И тут, Серафима все же решилась:
— А… А меня Кощей поцеловал.
В кухне повисла гробовая тишина. Все были настолько поражены, что не могли вымолвить ни единого слова. У Любани даже сковородка из рук выпала, разнеся по кухне оглушительный звон.
И тут свои «три копейки» вставил ни кто иной, как Леопольдыч:
— Мать честная, куда катится мир! Еще влюбленного Кощея нам не хватало! Ну все, неуважаемая Сима, ты попала!
На кухне.
В кухне повисла гнятущая тишина…
— Ну ты, Сима, даёшь! — выпучив глаза, прошептала её подруга. — Прям так и поцеловал?
— Ага… — сконфуженно пролепетала виновница всеобщего ступора. — Ты ведь знаешь, меня уж лет сорок никто не целовал. А тут… такой… так… Я даже испугалась до чёртиков — ужас! Целоваться в семьдесят пять — это же извращение чистой воды!
Прорвавшееся возмущение полилось из Серафимы нескончаемым потоком:
— Нет, ну я понимаю, когда молодые жмутся возле подъезда, а мне-то куда? Ну кто-узнает, точно засмеют и будут правы — не положено старухе с молодым любоваться.
— Кто тут молодой-то? Кощей что ли? — недоумённо промяукал Леопольдыч, резко плюхнувшись на кошачью филейную часть. — Да ты ззнаеш сколько ему лет-то? Кабы не яблочки молодильные, гремел бы этот мешок с костями своими позвонками не хуже скелета.
— А и правду котейка-то говорит. — промолвила Люба, уставившись на Симу. — Вспомни, когда мы впервые встретили Бессмертного, выглядел он совсем не так — старый был и худой, что смерть тифозная. Это он уж потом красавцем-то стал, когда в замок воротился, да фруктиков чудесных наелся вдоволь. Так что по годам ты, скорее всего, намного младше его.
— Да где же младше-то, Люба?! Посмотри на него и на меня…
— Да ты у меня настоящая красотка! А про то, какой была в том — другом мире, лучше не вспоминай, живи здесь и сейчас.
Кот от ещё большего удивления не только вытаращил глаза, но и открыл рот.

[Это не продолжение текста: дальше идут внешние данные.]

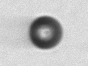
Label: bead
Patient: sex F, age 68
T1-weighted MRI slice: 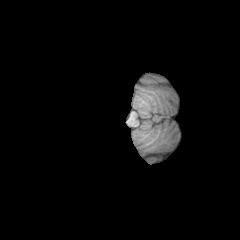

— В каком это другом мире? Других миров не существует! Уж я это точно знаю — я ведь учёный!
— Слушай, профессор, какой науке тебя обучали и кто? — грустно улыбнувшись, спросила его брюнетка.
— Так это… всем наукам, а кто обучал, не скажу — потому, как секрет это! — выпалило заволновавшееся животное, отбивая хвостом нервную дробь. — А
ты, почти уважаемая Серафима, действительно очень красивая, не стоит тебя этот старый олух!
— Да, Сим, раньше ты была, прямо скажем, не первой свежести, но сейчас-то — ух, кровь с молоком! Да все мужики в нашем дворе побросали бы своих клуш да в очередь за твоим поцелуем выстроились! — уверенно продекламировала кухарка, поглаживая подругу по смолисто-чёрной косе.
— Эх! Где наша не пропадала?! А вот я сейчас пойду, найду этого качка переделанного и ка-а-ак врежу ему по мордасу! — подскочив с места, выпалила воодушевлённая красотка. — Ты как всегда права — да у меня таких красавцев теперь может быть целая толпа, а я после первого же поцелуя какого-то дохляка, два дня как в воду опущенная хожу. Ну всё, держись бессмертный!